Знания о языке, предусмотренные программами обучения, включают два основных аспекта: а) категориальные характеристики языковых единиц разных уровней; б) приемы (схемы) анализа и описания этих единиц (разные формы школьного “разбора” - фонетического, морфологического, синтаксического), составляющие элементы метазнания о языке.

Данные речевого опыта и знания о языке представляют собой подсистемы языковой компетенции. Причем в каждой из них еще до начала их взаимодействия в обучении как бы присутствует другая: с одной стороны, в ходе накопления речевого опыта ребенок-дошкольник начинает открывать некоторые эмпирические знания о языке, которые отнюдь не всегда противоречат строго научным, хотя существуют в житейских формах; с другой стороны, в процессе изучения языка как учебного предмета школьники начинают без побуждения извне, безотчетно использовать данные речевого опыта. В обучении происходят (по крайней мере, должны происходить) два процесса: 1) осмысление и преобразование речевого опыта ребенка под влиянием усваиваемых знаний о языке, 2) наполнение и конкретизация знаний о языке материалом речевого опыта. В известной мере эти процессы имеют место, но недостаточно учитываются и контролируются в школьной практике, поэтому протекают тоже по большей мере спонтанно, по “собственной программе” ученика, зачастую до конца обучения неосознанно. Почему?

Дело в том, что в речевом опыте фиксируются прежде всего семантические отношения языка (когда ребенок говорит: “Не кошка, а коша. Она же хорошая”, он обращает внимание не на суффикс как таковой, а на его значение, хотя понимает это значение не глубоко и не полно). В школьной же программе представлен в наибольшем объеме формально-грамматический аспект языка и в очень незначительном - семантический.

Это относится прежде всего к стабильной государственной программе, которая остается самой распространенной до сего времени, несмотря на развитие разных образовательных систем в стране, наличие авторских программ, специализированных языковых лицеев, гимназий. В этой программе крайне ограничены разделы, тесно связанные с семантикой, - лексика и фразеология; стилистика фактически отсутствует; семантические отношения синтаксиса прорабатываются поверхностно. Создается разрыв между данными речевого опыта и знаниями о языке. Формирование у школьников языковой компетенции как системы, т.е. взаимодействие данных опыта и знания о языке, протекает не в самых благоприятных условиях.

Вместе с тем можно думать, что этот процесс имеет специфические особенности на материале разных уровней (подсистем) языка в силу различий относящегося к ним речевого опыта и содержания соответствующих разделов учебной программы. Отсюда необходимость принимать во внимание лингвистические основания  описанного выше первого подхода к изучению языковой компетенции школьников. Точка пересечения этого и предлагаемого нами подходов может быть найдена в исследовании языковой компетенции как психологической системы применительно к каждому уровню языка с учетом связей между ними, их возможных взаимовлияний в языковом сознании школьников. Именно этим определяется выбор материала для нашего исследования.

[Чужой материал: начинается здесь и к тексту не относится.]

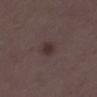lighting: white-light
site: left thigh
patient:
  sex: female
  age_approx: 35
image:
  source: total-body photography crop
  field_of_view_mm: 15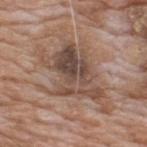Clinical impression:
Recorded during total-body skin imaging; not selected for excision or biopsy.
Clinical summary:
Cropped from a total-body skin-imaging series; the visible field is about 15 mm. Automated image analysis of the tile measured border irregularity of about 6 on a 0–10 scale, a color-variation rating of about 8.5/10, and a peripheral color-asymmetry measure near 3. Located on the upper back. This is a white-light tile. The patient is a male aged 58 to 62.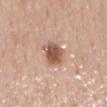Q: Was this lesion biopsied?
A: catalogued during a skin exam; not biopsied
Q: What is the imaging modality?
A: 15 mm crop, total-body photography
Q: What lighting was used for the tile?
A: white-light illumination
Q: What did automated image analysis measure?
A: an average lesion color of about L≈54 a*≈22 b*≈29 (CIELAB) and roughly 15 lightness units darker than nearby skin; a border-irregularity rating of about 2/10, a within-lesion color-variation index near 3.5/10, and a peripheral color-asymmetry measure near 1; a classifier nevus-likeness of about 95/100 and lesion-presence confidence of about 100/100
Q: Who is the patient?
A: female, aged 48–52
Q: Where on the body is the lesion?
A: the mid back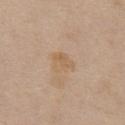<tbp_lesion>
  <biopsy_status>not biopsied; imaged during a skin examination</biopsy_status>
  <patient>
    <sex>female</sex>
    <age_approx>70</age_approx>
  </patient>
  <image>
    <source>total-body photography crop</source>
    <field_of_view_mm>15</field_of_view_mm>
  </image>
  <site>chest</site>
  <lesion_size>
    <long_diameter_mm_approx>2.5</long_diameter_mm_approx>
  </lesion_size>
  <lighting>white-light</lighting>
</tbp_lesion>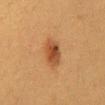Q: Is there a histopathology result?
A: total-body-photography surveillance lesion; no biopsy
Q: What did automated image analysis measure?
A: an average lesion color of about L≈40 a*≈21 b*≈32 (CIELAB) and a lesion–skin lightness drop of about 10; internal color variation of about 4 on a 0–10 scale and radial color variation of about 1; an automated nevus-likeness rating near 100 out of 100 and a detector confidence of about 100 out of 100 that the crop contains a lesion
Q: What is the imaging modality?
A: total-body-photography crop, ~15 mm field of view
Q: Lesion size?
A: about 4 mm
Q: Patient demographics?
A: female, aged 38–42
Q: Where on the body is the lesion?
A: the chest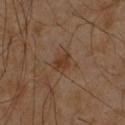Clinical impression: The lesion was photographed on a routine skin check and not biopsied; there is no pathology result. Image and clinical context: A male patient aged 58–62. Longest diameter approximately 2.5 mm. This image is a 15 mm lesion crop taken from a total-body photograph. Located on the chest. Imaged with cross-polarized lighting.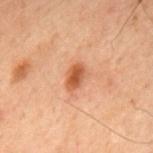No biopsy was performed on this lesion — it was imaged during a full skin examination and was not determined to be concerning. Longest diameter approximately 3 mm. A lesion tile, about 15 mm wide, cut from a 3D total-body photograph. The lesion is on the back. A male patient aged approximately 60. This is a cross-polarized tile.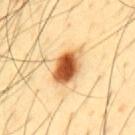{
  "biopsy_status": "not biopsied; imaged during a skin examination",
  "image": {
    "source": "total-body photography crop",
    "field_of_view_mm": 15
  },
  "site": "mid back",
  "lesion_size": {
    "long_diameter_mm_approx": 4.5
  },
  "lighting": "cross-polarized",
  "patient": {
    "sex": "male",
    "age_approx": 45
  }
}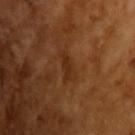Findings:
- subject: male, aged approximately 65
- acquisition: ~15 mm crop, total-body skin-cancer survey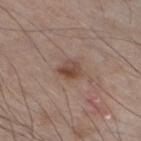  biopsy_status: not biopsied; imaged during a skin examination
  site: left lower leg
  image:
    source: total-body photography crop
    field_of_view_mm: 15
  lighting: white-light
  patient:
    sex: male
    age_approx: 60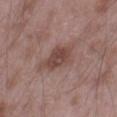Impression: Imaged during a routine full-body skin examination; the lesion was not biopsied and no histopathology is available. Background: A male subject aged 48–52. Located on the leg. A 15 mm close-up extracted from a 3D total-body photography capture.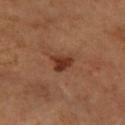Impression: No biopsy was performed on this lesion — it was imaged during a full skin examination and was not determined to be concerning. Clinical summary: A female patient aged around 65. The lesion is located on the right forearm. Automated tile analysis of the lesion measured a border-irregularity index near 4/10 and radial color variation of about 1. The software also gave an automated nevus-likeness rating near 90 out of 100 and a detector confidence of about 100 out of 100 that the crop contains a lesion. Approximately 3 mm at its widest. Cropped from a whole-body photographic skin survey; the tile spans about 15 mm.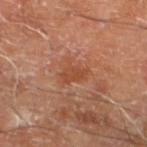The lesion was photographed on a routine skin check and not biopsied; there is no pathology result. The tile uses cross-polarized illumination. A male subject approximately 70 years of age. The lesion is located on the left lower leg. A region of skin cropped from a whole-body photographic capture, roughly 15 mm wide. Longest diameter approximately 3.5 mm.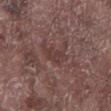No biopsy was performed on this lesion — it was imaged during a full skin examination and was not determined to be concerning. The tile uses white-light illumination. A roughly 15 mm field-of-view crop from a total-body skin photograph. The recorded lesion diameter is about 3 mm. A male subject roughly 75 years of age. The lesion is located on the left lower leg.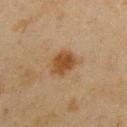Q: Was a biopsy performed?
A: imaged on a skin check; not biopsied
Q: How large is the lesion?
A: ≈3.5 mm
Q: Who is the patient?
A: male, roughly 45 years of age
Q: What is the imaging modality?
A: 15 mm crop, total-body photography
Q: What is the anatomic site?
A: the left upper arm
Q: Automated lesion metrics?
A: a footprint of about 8 mm², a shape eccentricity near 0.65, and two-axis asymmetry of about 0.15; a mean CIELAB color near L≈39 a*≈16 b*≈31, about 9 CIELAB-L* units darker than the surrounding skin, and a normalized border contrast of about 9; radial color variation of about 1; an automated nevus-likeness rating near 95 out of 100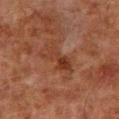This lesion was catalogued during total-body skin photography and was not selected for biopsy.
A lesion tile, about 15 mm wide, cut from a 3D total-body photograph.
The lesion's longest dimension is about 4.5 mm.
The tile uses cross-polarized illumination.
The patient is a male in their 80s.
From the left lower leg.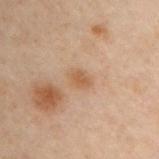{
  "biopsy_status": "not biopsied; imaged during a skin examination",
  "patient": {
    "sex": "male",
    "age_approx": 50
  },
  "automated_metrics": {
    "cielab_L": 47,
    "cielab_a": 16,
    "cielab_b": 29,
    "vs_skin_darker_L": 7.0,
    "vs_skin_contrast_norm": 6.0
  },
  "lesion_size": {
    "long_diameter_mm_approx": 3.0
  },
  "image": {
    "source": "total-body photography crop",
    "field_of_view_mm": 15
  },
  "site": "front of the torso"
}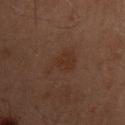biopsy status: no biopsy performed (imaged during a skin exam) | location: the mid back | acquisition: total-body-photography crop, ~15 mm field of view | patient: male, aged approximately 60.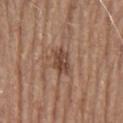biopsy_status: not biopsied; imaged during a skin examination
image:
  source: total-body photography crop
  field_of_view_mm: 15
patient:
  sex: female
  age_approx: 60
site: head or neck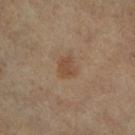Q: What kind of image is this?
A: ~15 mm crop, total-body skin-cancer survey
Q: Where on the body is the lesion?
A: the left leg
Q: Patient demographics?
A: female, about 65 years old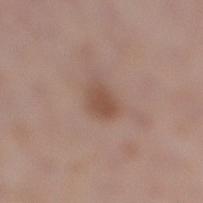Findings:
• workup — imaged on a skin check; not biopsied
• acquisition — total-body-photography crop, ~15 mm field of view
• lesion size — ≈2.5 mm
• subject — male, about 70 years old
• illumination — white-light illumination
• body site — the right lower leg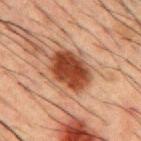<record>
  <biopsy_status>not biopsied; imaged during a skin examination</biopsy_status>
  <image>
    <source>total-body photography crop</source>
    <field_of_view_mm>15</field_of_view_mm>
  </image>
  <automated_metrics>
    <area_mm2_approx>15.0</area_mm2_approx>
    <eccentricity>0.7</eccentricity>
    <shape_asymmetry>0.1</shape_asymmetry>
    <border_irregularity_0_10>1.5</border_irregularity_0_10>
    <color_variation_0_10>4.0</color_variation_0_10>
    <peripheral_color_asymmetry>1.5</peripheral_color_asymmetry>
  </automated_metrics>
  <patient>
    <sex>male</sex>
    <age_approx>50</age_approx>
  </patient>
  <lesion_size>
    <long_diameter_mm_approx>5.0</long_diameter_mm_approx>
  </lesion_size>
  <site>mid back</site>
</record>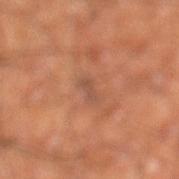• workup: imaged on a skin check; not biopsied
• patient: male, about 60 years old
• lighting: cross-polarized illumination
• automated metrics: a lesion color around L≈45 a*≈20 b*≈28 in CIELAB, about 6 CIELAB-L* units darker than the surrounding skin, and a lesion-to-skin contrast of about 5.5 (normalized; higher = more distinct); a nevus-likeness score of about 0/100 and a detector confidence of about 80 out of 100 that the crop contains a lesion
• acquisition: ~15 mm tile from a whole-body skin photo
• location: the left lower leg
• lesion size: ≈2.5 mm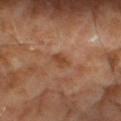Context:
Longest diameter approximately 3 mm. A male patient about 65 years old. A 15 mm close-up extracted from a 3D total-body photography capture.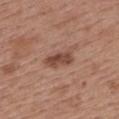biopsy status = catalogued during a skin exam; not biopsied | TBP lesion metrics = a footprint of about 5.5 mm² and an eccentricity of roughly 0.9; a mean CIELAB color near L≈46 a*≈22 b*≈27, roughly 12 lightness units darker than nearby skin, and a normalized lesion–skin contrast near 9; a border-irregularity rating of about 2.5/10 and radial color variation of about 1 | lesion size = ~3.5 mm (longest diameter) | patient = female, approximately 50 years of age | image source = 15 mm crop, total-body photography | site = the upper back | tile lighting = white-light illumination.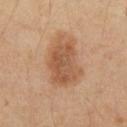Assessment: Captured during whole-body skin photography for melanoma surveillance; the lesion was not biopsied. Context: This is a cross-polarized tile. The patient is a male aged approximately 65. From the chest. About 6 mm across. Cropped from a total-body skin-imaging series; the visible field is about 15 mm.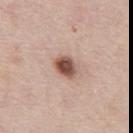Impression:
Imaged during a routine full-body skin examination; the lesion was not biopsied and no histopathology is available.
Image and clinical context:
Captured under white-light illumination. Measured at roughly 3 mm in maximum diameter. A male patient about 40 years old. The lesion is located on the mid back. A lesion tile, about 15 mm wide, cut from a 3D total-body photograph.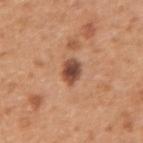No biopsy was performed on this lesion — it was imaged during a full skin examination and was not determined to be concerning.
A male subject aged approximately 55.
Approximately 2.5 mm at its widest.
Cropped from a total-body skin-imaging series; the visible field is about 15 mm.
The lesion is on the left forearm.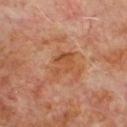{
  "biopsy_status": "not biopsied; imaged during a skin examination",
  "image": {
    "source": "total-body photography crop",
    "field_of_view_mm": 15
  },
  "site": "chest",
  "patient": {
    "sex": "male",
    "age_approx": 65
  },
  "lighting": "cross-polarized",
  "lesion_size": {
    "long_diameter_mm_approx": 3.5
  },
  "automated_metrics": {
    "cielab_L": 49,
    "cielab_a": 24,
    "cielab_b": 36,
    "vs_skin_darker_L": 7.0,
    "vs_skin_contrast_norm": 6.0
  }
}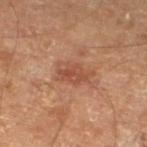Notes:
- biopsy status · catalogued during a skin exam; not biopsied
- image · ~15 mm crop, total-body skin-cancer survey
- automated metrics · a footprint of about 7.5 mm², a shape eccentricity near 0.85, and a symmetry-axis asymmetry near 0.3; a border-irregularity index near 3.5/10, internal color variation of about 3 on a 0–10 scale, and radial color variation of about 1; a classifier nevus-likeness of about 10/100 and lesion-presence confidence of about 100/100
- size · about 4 mm
- lighting · cross-polarized illumination
- location · the leg
- subject · aged approximately 55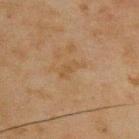| field | value |
|---|---|
| biopsy status | total-body-photography surveillance lesion; no biopsy |
| tile lighting | cross-polarized illumination |
| lesion diameter | ≈3 mm |
| image-analysis metrics | an area of roughly 4 mm², an outline eccentricity of about 0.85 (0 = round, 1 = elongated), and a symmetry-axis asymmetry near 0.4; a border-irregularity index near 4.5/10, a within-lesion color-variation index near 1.5/10, and radial color variation of about 0.5; lesion-presence confidence of about 100/100 |
| anatomic site | the back |
| acquisition | ~15 mm crop, total-body skin-cancer survey |
| patient | male, aged approximately 45 |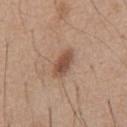Clinical impression: The lesion was tiled from a total-body skin photograph and was not biopsied. Acquisition and patient details: The subject is a male roughly 55 years of age. About 4 mm across. On the chest. A 15 mm close-up extracted from a 3D total-body photography capture.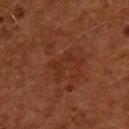Findings:
* workup · no biopsy performed (imaged during a skin exam)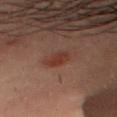notes = imaged on a skin check; not biopsied | image = total-body-photography crop, ~15 mm field of view | patient = male, aged 28 to 32 | site = the head or neck | tile lighting = cross-polarized illumination.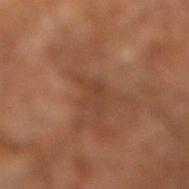Q: Was this lesion biopsied?
A: catalogued during a skin exam; not biopsied
Q: Automated lesion metrics?
A: an area of roughly 4.5 mm², an eccentricity of roughly 0.85, and two-axis asymmetry of about 0.5; border irregularity of about 6.5 on a 0–10 scale, internal color variation of about 1.5 on a 0–10 scale, and peripheral color asymmetry of about 0.5; a classifier nevus-likeness of about 0/100 and lesion-presence confidence of about 55/100
Q: How was the tile lit?
A: cross-polarized illumination
Q: Lesion location?
A: the right leg
Q: Lesion size?
A: about 4 mm
Q: What is the imaging modality?
A: 15 mm crop, total-body photography
Q: Patient demographics?
A: male, aged 58–62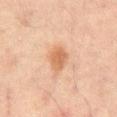follow-up — total-body-photography surveillance lesion; no biopsy
acquisition — ~15 mm tile from a whole-body skin photo
tile lighting — cross-polarized illumination
patient — male, aged 63 to 67
body site — the back
lesion diameter — ~3 mm (longest diameter)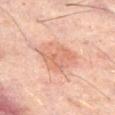Notes:
• workup: no biopsy performed (imaged during a skin exam)
• patient: male, aged 58–62
• automated metrics: a lesion color around L≈62 a*≈23 b*≈30 in CIELAB, a lesion–skin lightness drop of about 8, and a normalized lesion–skin contrast near 5.5; lesion-presence confidence of about 100/100
• body site: the front of the torso
• lesion diameter: ~5 mm (longest diameter)
• image: ~15 mm crop, total-body skin-cancer survey
• illumination: cross-polarized illumination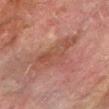| field | value |
|---|---|
| notes | catalogued during a skin exam; not biopsied |
| automated lesion analysis | a border-irregularity rating of about 4.5/10, internal color variation of about 3 on a 0–10 scale, and a peripheral color-asymmetry measure near 1; a detector confidence of about 100 out of 100 that the crop contains a lesion |
| lesion size | ≈6.5 mm |
| imaging modality | total-body-photography crop, ~15 mm field of view |
| body site | the right forearm |
| patient | male, aged approximately 75 |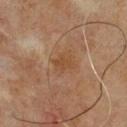A 15 mm close-up extracted from a 3D total-body photography capture. A male patient about 75 years old. The lesion is located on the front of the torso. Approximately 2.5 mm at its widest.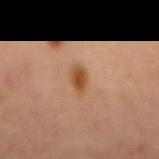Case summary:
– workup — no biopsy performed (imaged during a skin exam)
– automated metrics — a border-irregularity rating of about 2.5/10 and a peripheral color-asymmetry measure near 0.5; an automated nevus-likeness rating near 95 out of 100 and a detector confidence of about 100 out of 100 that the crop contains a lesion
– size — ~3.5 mm (longest diameter)
– subject — female
– lighting — cross-polarized
– body site — the abdomen
– acquisition — total-body-photography crop, ~15 mm field of view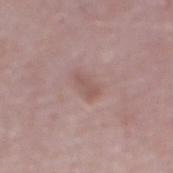Impression: The lesion was tiled from a total-body skin photograph and was not biopsied. Image and clinical context: From the abdomen. An algorithmic analysis of the crop reported a lesion area of about 3.5 mm² and two-axis asymmetry of about 0.3. It also reported a border-irregularity index near 3/10, a within-lesion color-variation index near 1/10, and radial color variation of about 0.5. The analysis additionally found a classifier nevus-likeness of about 0/100 and a lesion-detection confidence of about 100/100. A roughly 15 mm field-of-view crop from a total-body skin photograph. A male subject, in their mid- to late 70s. Longest diameter approximately 3 mm.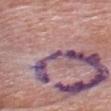Histopathology of the biopsied lesion showed a nodular basal cell carcinoma (malignant).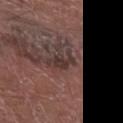Findings:
* follow-up — catalogued during a skin exam; not biopsied
* anatomic site — the left forearm
* TBP lesion metrics — a lesion area of about 5 mm² and two-axis asymmetry of about 0.45; a border-irregularity rating of about 7/10 and peripheral color asymmetry of about 1
* lighting — white-light
* patient — male, aged around 70
* acquisition — 15 mm crop, total-body photography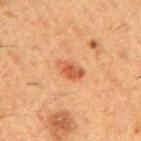Recorded during total-body skin imaging; not selected for excision or biopsy.
A 15 mm close-up extracted from a 3D total-body photography capture.
On the right upper arm.
The lesion-visualizer software estimated an area of roughly 5.5 mm², a shape eccentricity near 0.8, and two-axis asymmetry of about 0.25.
Approximately 3.5 mm at its widest.
Imaged with cross-polarized lighting.
A male patient, in their 50s.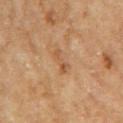Impression: Recorded during total-body skin imaging; not selected for excision or biopsy. Background: A 15 mm close-up extracted from a 3D total-body photography capture. A female patient in their 60s. This is a cross-polarized tile. The lesion is located on the right upper arm. Measured at roughly 3 mm in maximum diameter.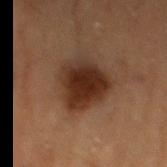notes = total-body-photography surveillance lesion; no biopsy
site = the left thigh
tile lighting = cross-polarized
size = ≈5 mm
subject = male, in their mid-80s or older
automated lesion analysis = a footprint of about 17 mm², a shape eccentricity near 0.55, and two-axis asymmetry of about 0.25; an average lesion color of about L≈25 a*≈17 b*≈24 (CIELAB), a lesion–skin lightness drop of about 12, and a normalized lesion–skin contrast near 12; a border-irregularity index near 2.5/10, a color-variation rating of about 4/10, and a peripheral color-asymmetry measure near 1
image source = ~15 mm tile from a whole-body skin photo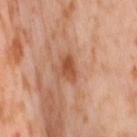Notes:
* workup — imaged on a skin check; not biopsied
* subject — female, in their mid-50s
* imaging modality — ~15 mm crop, total-body skin-cancer survey
* diameter — about 3 mm
* site — the right thigh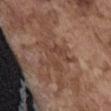patient = male, in their mid- to late 70s
illumination = white-light
lesion diameter = ~4.5 mm (longest diameter)
image = total-body-photography crop, ~15 mm field of view
location = the abdomen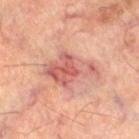Recorded during total-body skin imaging; not selected for excision or biopsy. The recorded lesion diameter is about 6 mm. A 15 mm crop from a total-body photograph taken for skin-cancer surveillance. A male patient, aged approximately 60. Imaged with cross-polarized lighting. On the leg.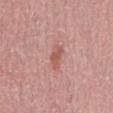biopsy status = total-body-photography surveillance lesion; no biopsy
image = ~15 mm tile from a whole-body skin photo
subject = male, aged 48 to 52
illumination = white-light illumination
site = the mid back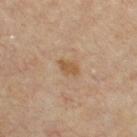Clinical impression: This lesion was catalogued during total-body skin photography and was not selected for biopsy. Clinical summary: A male subject, aged around 55. A region of skin cropped from a whole-body photographic capture, roughly 15 mm wide. The total-body-photography lesion software estimated a lesion area of about 3.5 mm² and an eccentricity of roughly 0.8. The analysis additionally found an average lesion color of about L≈50 a*≈16 b*≈33 (CIELAB), roughly 8 lightness units darker than nearby skin, and a normalized border contrast of about 7. It also reported a classifier nevus-likeness of about 0/100 and a lesion-detection confidence of about 100/100. On the chest.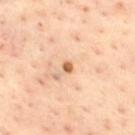biopsy_status: not biopsied; imaged during a skin examination
site: upper back
image:
  source: total-body photography crop
  field_of_view_mm: 15
patient:
  sex: male
  age_approx: 45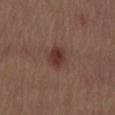The patient is a male aged around 70. The lesion is located on the back. The total-body-photography lesion software estimated a detector confidence of about 100 out of 100 that the crop contains a lesion. Cropped from a whole-body photographic skin survey; the tile spans about 15 mm.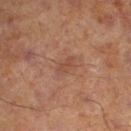<lesion>
<biopsy_status>not biopsied; imaged during a skin examination</biopsy_status>
<patient>
  <sex>male</sex>
  <age_approx>70</age_approx>
</patient>
<site>left lower leg</site>
<image>
  <source>total-body photography crop</source>
  <field_of_view_mm>15</field_of_view_mm>
</image>
</lesion>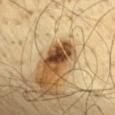Q: Is there a histopathology result?
A: total-body-photography surveillance lesion; no biopsy
Q: What is the imaging modality?
A: ~15 mm crop, total-body skin-cancer survey
Q: What is the lesion's diameter?
A: ≈4.5 mm
Q: How was the tile lit?
A: cross-polarized
Q: Lesion location?
A: the back
Q: What are the patient's age and sex?
A: male, roughly 60 years of age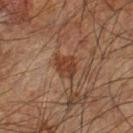{"biopsy_status": "not biopsied; imaged during a skin examination", "image": {"source": "total-body photography crop", "field_of_view_mm": 15}, "site": "arm", "patient": {"sex": "male", "age_approx": 65}}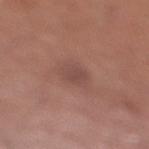biopsy status — total-body-photography surveillance lesion; no biopsy
image — 15 mm crop, total-body photography
patient — male, approximately 70 years of age
illumination — white-light
size — about 3 mm
anatomic site — the right lower leg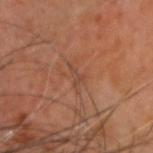{
  "biopsy_status": "not biopsied; imaged during a skin examination",
  "lesion_size": {
    "long_diameter_mm_approx": 3.0
  },
  "image": {
    "source": "total-body photography crop",
    "field_of_view_mm": 15
  },
  "patient": {
    "sex": "male",
    "age_approx": 60
  },
  "lighting": "cross-polarized",
  "site": "head or neck"
}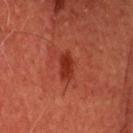image source = ~15 mm tile from a whole-body skin photo | patient = male, aged around 60 | body site = the head or neck | TBP lesion metrics = a lesion–skin lightness drop of about 8; a border-irregularity rating of about 2/10, a within-lesion color-variation index near 1.5/10, and a peripheral color-asymmetry measure near 0.5; a classifier nevus-likeness of about 85/100 and a detector confidence of about 100 out of 100 that the crop contains a lesion | size = ≈3.5 mm.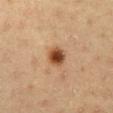Impression:
The lesion was tiled from a total-body skin photograph and was not biopsied.
Background:
Approximately 2.5 mm at its widest. A 15 mm crop from a total-body photograph taken for skin-cancer surveillance. On the abdomen. A male subject aged 58–62.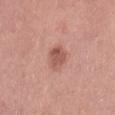{
  "biopsy_status": "not biopsied; imaged during a skin examination",
  "patient": {
    "sex": "female",
    "age_approx": 40
  },
  "lesion_size": {
    "long_diameter_mm_approx": 3.5
  },
  "site": "right thigh",
  "image": {
    "source": "total-body photography crop",
    "field_of_view_mm": 15
  }
}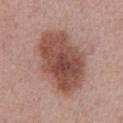Context:
From the chest. Cropped from a whole-body photographic skin survey; the tile spans about 15 mm. A male patient, in their 60s. The total-body-photography lesion software estimated border irregularity of about 2 on a 0–10 scale and peripheral color asymmetry of about 2. The software also gave lesion-presence confidence of about 100/100.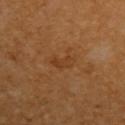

Оно ведется на материале синтаксиса русского языка. Синтаксис включает в себя и другие уровни языка, в частности морфологический, лексический, фонологический, и тесно связан с уровнями более широкого плана - просодическим, семантическим, лингвостилистическим. Поэтому компетенция в синтаксисе так или иначе затрагивает компетенцию и на этих уровнях.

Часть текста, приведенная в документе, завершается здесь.